(Recorded data)
════════════════
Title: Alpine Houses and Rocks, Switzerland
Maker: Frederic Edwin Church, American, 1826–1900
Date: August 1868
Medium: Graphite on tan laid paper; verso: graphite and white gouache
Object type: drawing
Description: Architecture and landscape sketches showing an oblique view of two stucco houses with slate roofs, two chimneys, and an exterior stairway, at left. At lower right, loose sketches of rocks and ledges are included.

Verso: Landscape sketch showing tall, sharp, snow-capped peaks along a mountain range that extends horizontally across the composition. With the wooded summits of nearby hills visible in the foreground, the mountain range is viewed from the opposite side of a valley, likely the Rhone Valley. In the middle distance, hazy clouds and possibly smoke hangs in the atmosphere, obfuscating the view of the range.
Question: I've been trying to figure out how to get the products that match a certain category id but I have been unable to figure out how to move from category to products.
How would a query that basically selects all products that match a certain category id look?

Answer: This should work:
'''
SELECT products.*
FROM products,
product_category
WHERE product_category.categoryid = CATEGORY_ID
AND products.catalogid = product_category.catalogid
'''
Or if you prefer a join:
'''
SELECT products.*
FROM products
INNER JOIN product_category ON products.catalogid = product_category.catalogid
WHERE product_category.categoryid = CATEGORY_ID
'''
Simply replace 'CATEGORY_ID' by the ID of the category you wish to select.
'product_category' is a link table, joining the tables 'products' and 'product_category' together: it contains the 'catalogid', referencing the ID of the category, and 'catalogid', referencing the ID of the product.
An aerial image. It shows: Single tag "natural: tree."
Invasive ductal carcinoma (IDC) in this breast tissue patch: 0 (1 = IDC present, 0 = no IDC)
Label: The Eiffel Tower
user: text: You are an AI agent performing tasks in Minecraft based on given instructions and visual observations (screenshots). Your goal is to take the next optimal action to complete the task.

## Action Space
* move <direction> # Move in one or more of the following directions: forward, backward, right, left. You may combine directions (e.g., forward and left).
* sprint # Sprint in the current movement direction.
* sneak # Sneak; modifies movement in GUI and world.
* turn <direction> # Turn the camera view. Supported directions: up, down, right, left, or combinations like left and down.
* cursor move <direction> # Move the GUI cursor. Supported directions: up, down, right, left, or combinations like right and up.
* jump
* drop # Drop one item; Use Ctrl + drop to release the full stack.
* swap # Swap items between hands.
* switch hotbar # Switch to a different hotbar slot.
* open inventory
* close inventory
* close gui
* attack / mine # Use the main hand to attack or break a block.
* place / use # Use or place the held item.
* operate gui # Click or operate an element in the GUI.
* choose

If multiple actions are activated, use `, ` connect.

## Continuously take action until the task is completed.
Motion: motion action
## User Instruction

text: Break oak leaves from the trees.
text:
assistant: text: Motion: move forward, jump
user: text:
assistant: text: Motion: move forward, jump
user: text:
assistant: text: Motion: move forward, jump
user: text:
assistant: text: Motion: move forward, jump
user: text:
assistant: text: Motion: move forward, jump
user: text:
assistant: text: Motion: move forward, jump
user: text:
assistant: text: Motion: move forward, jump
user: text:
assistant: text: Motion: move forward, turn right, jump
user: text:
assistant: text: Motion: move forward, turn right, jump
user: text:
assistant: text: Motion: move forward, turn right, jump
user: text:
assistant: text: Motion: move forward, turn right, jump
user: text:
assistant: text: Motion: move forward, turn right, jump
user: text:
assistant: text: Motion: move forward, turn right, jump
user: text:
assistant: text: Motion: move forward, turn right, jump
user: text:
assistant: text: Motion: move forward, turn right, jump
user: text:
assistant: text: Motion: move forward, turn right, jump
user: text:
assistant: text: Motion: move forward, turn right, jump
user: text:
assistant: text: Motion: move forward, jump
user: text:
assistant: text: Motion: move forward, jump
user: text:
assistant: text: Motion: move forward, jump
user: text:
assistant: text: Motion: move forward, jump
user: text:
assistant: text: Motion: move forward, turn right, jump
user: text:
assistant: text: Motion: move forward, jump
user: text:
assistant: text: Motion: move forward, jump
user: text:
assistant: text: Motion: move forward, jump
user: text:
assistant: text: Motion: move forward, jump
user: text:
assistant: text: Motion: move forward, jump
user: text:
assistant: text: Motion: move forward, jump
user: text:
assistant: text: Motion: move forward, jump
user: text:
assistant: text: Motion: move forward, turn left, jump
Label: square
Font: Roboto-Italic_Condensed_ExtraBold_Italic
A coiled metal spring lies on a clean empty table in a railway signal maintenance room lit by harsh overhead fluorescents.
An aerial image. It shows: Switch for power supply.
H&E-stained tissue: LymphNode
════════════════
(Activity) List every line from the entries above in which "take" appears.

(Written answer)
user: text: You are an AI agent performing tasks in Minecraft based on given instructions and visual observations (screenshots). Your goal is to take the next optimal action to complete the task.
## Continuously take action until the task is completed.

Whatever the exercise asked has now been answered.